YOUR INSTRUCTIONS ::
Repeat the entries that follow verbatim, without any of their pictures.

RECORDS PROVIDED ::
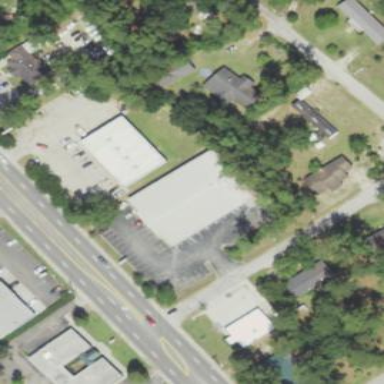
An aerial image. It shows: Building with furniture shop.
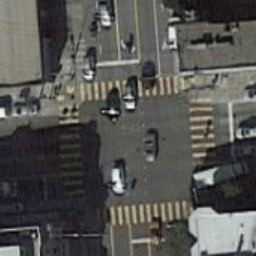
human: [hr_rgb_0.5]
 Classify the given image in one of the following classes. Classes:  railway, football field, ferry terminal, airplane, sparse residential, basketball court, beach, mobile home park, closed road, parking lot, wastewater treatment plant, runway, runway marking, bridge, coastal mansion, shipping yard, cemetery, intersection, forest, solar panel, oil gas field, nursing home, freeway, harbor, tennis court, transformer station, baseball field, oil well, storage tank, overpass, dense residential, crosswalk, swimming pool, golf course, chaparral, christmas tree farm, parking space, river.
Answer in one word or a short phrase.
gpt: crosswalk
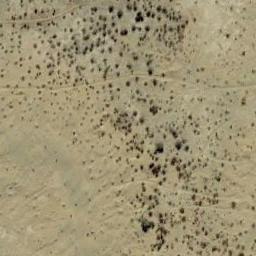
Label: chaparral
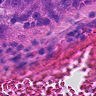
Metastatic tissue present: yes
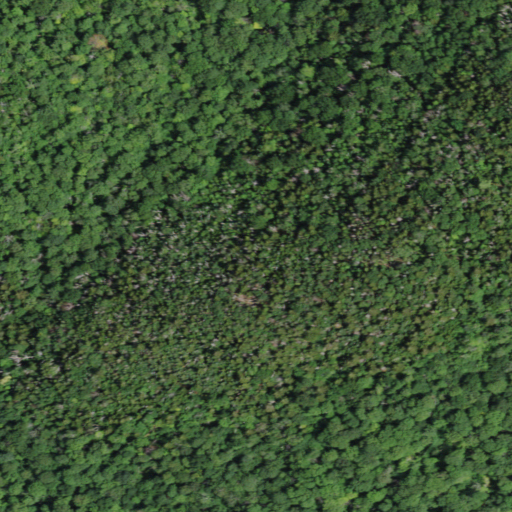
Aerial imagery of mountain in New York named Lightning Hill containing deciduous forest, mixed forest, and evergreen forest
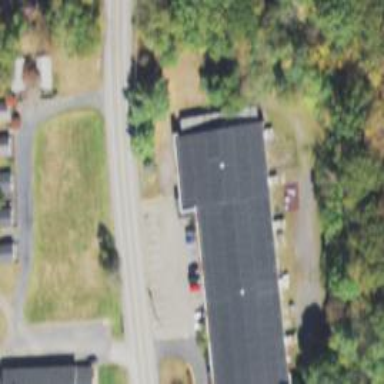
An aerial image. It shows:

ANSWER FOR THIS EXERCISE ::
An aerial image. It shows: Building with furniture shop.
human: [hr_rgb_0.5]
 Classify the given image in one of the following classes. Classes:  railway, football field, ferry terminal, airplane, sparse residential, basketball court, beach, mobile home park, closed road, parking lot, wastewater treatment plant, runway, runway marking, bridge, coastal mansion, shipping yard, cemetery, intersection, forest, solar panel, oil gas field, nursing home, freeway, harbor, tennis court, transformer station, baseball field, oil well, storage tank, overpass, dense residential, crosswalk, swimming pool, golf course, chaparral, christmas tree farm, parking space, river.
Answer in one word or a short phrase.
gpt: crosswalk
Label: chaparral
Metastatic tissue present: yes
Aerial imagery of mountain in New York named Lightning Hill containing deciduous forest, mixed forest, and evergreen forest
An aerial image. It shows:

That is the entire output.